Repeat the data verbatim, images excluded.

Records contained in a dataset:
----------

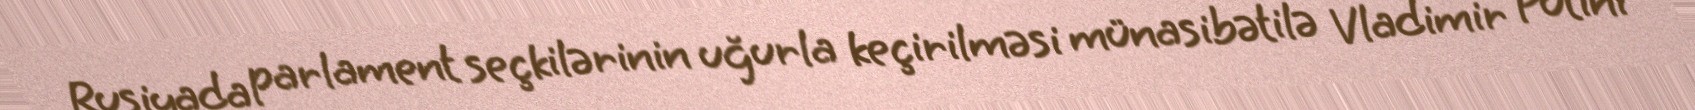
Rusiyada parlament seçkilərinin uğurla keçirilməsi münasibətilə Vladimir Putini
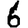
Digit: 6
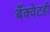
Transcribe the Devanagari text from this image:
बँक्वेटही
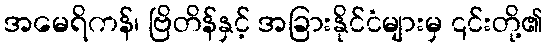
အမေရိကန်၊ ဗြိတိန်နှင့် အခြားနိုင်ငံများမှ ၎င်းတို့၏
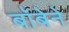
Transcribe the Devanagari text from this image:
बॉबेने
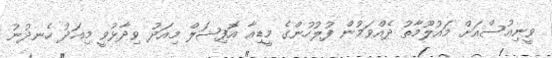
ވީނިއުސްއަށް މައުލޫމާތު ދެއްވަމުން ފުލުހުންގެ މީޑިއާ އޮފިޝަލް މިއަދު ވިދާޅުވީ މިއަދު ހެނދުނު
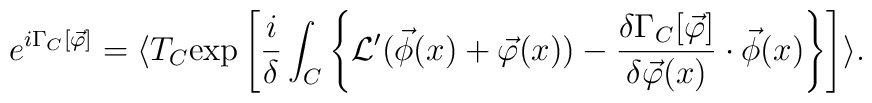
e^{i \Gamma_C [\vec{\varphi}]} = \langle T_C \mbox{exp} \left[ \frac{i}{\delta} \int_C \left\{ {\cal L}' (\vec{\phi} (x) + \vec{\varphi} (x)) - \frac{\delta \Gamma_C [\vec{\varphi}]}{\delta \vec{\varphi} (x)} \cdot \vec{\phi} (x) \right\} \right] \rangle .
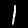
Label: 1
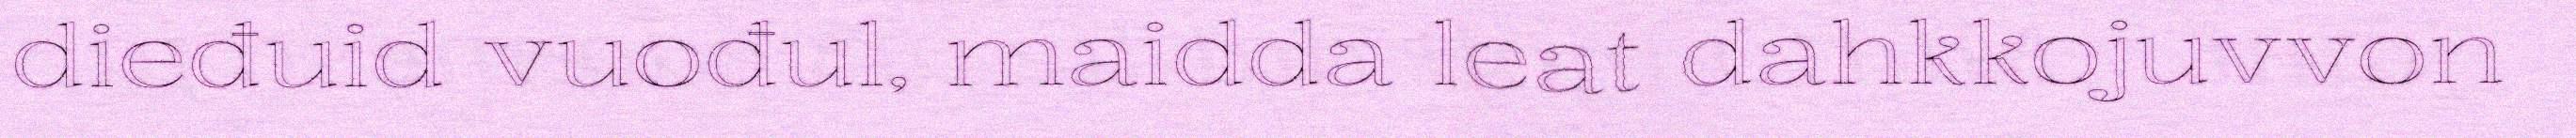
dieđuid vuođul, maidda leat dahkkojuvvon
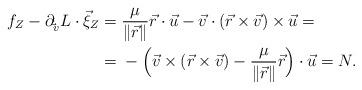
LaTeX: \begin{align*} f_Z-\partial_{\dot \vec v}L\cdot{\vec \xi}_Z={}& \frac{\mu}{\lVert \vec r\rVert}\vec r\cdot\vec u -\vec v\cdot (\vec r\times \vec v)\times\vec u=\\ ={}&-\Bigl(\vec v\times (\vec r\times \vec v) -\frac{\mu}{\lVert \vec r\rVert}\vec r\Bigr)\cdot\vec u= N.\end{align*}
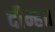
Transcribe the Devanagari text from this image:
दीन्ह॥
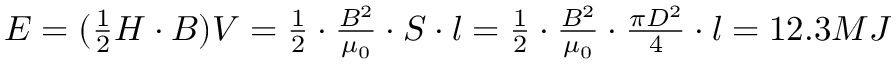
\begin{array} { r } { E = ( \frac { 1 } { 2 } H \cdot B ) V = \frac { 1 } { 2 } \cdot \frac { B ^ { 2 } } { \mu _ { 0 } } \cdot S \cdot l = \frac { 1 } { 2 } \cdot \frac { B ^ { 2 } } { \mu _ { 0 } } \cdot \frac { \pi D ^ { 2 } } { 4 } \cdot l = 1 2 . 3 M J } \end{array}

----------

Result below:
Rusiyada parlament seçkilərinin uğurla keçirilməsi münasibətilə Vladimir Putini
Digit: 6
Transcribe the Devanagari text from this image:
बँक्वेटही
အမေရိကန်၊ ဗြိတိန်နှင့် အခြားနိုင်ငံများမှ ၎င်းတို့၏
Transcribe the Devanagari text from this image:
बॉबेने
ވީނިއުސްއަށް މައުލޫމާތު ދެއްވަމުން ފުލުހުންގެ މީޑިއާ އޮފިޝަލް މިއަދު ވިދާޅުވީ މިއަދު ހެނދުނު
e^{i \Gamma_C [\vec{\varphi}]} = \langle T_C \mbox{exp} \left[ \frac{i}{\delta} \int_C \left\{ {\cal L}' (\vec{\phi} (x) + \vec{\varphi} (x)) - \frac{\delta \Gamma_C [\vec{\varphi}]}{\delta \vec{\varphi} (x)} \cdot \vec{\phi} (x) \right\} \right] \rangle .
Label: 1
dieđuid vuođul, maidda leat dahkkojuvvon
LaTeX: \begin{align*} f_Z-\partial_{\dot \vec v}L\cdot{\vec \xi}_Z={}& \frac{\mu}{\lVert \vec r\rVert}\vec r\cdot\vec u -\vec v\cdot (\vec r\times \vec v)\times\vec u=\\ ={}&-\Bigl(\vec v\times (\vec r\times \vec v) -\frac{\mu}{\lVert \vec r\rVert}\vec r\Bigr)\cdot\vec u= N.\end{align*}
Transcribe the Devanagari text from this image:
दीन्ह॥
\begin{array} { r } { E = ( \frac { 1 } { 2 } H \cdot B ) V = \frac { 1 } { 2 } \cdot \frac { B ^ { 2 } } { \mu _ { 0 } } \cdot S \cdot l = \frac { 1 } { 2 } \cdot \frac { B ^ { 2 } } { \mu _ { 0 } } \cdot \frac { \pi D ^ { 2 } } { 4 } \cdot l = 1 2 . 3 M J } \end{array}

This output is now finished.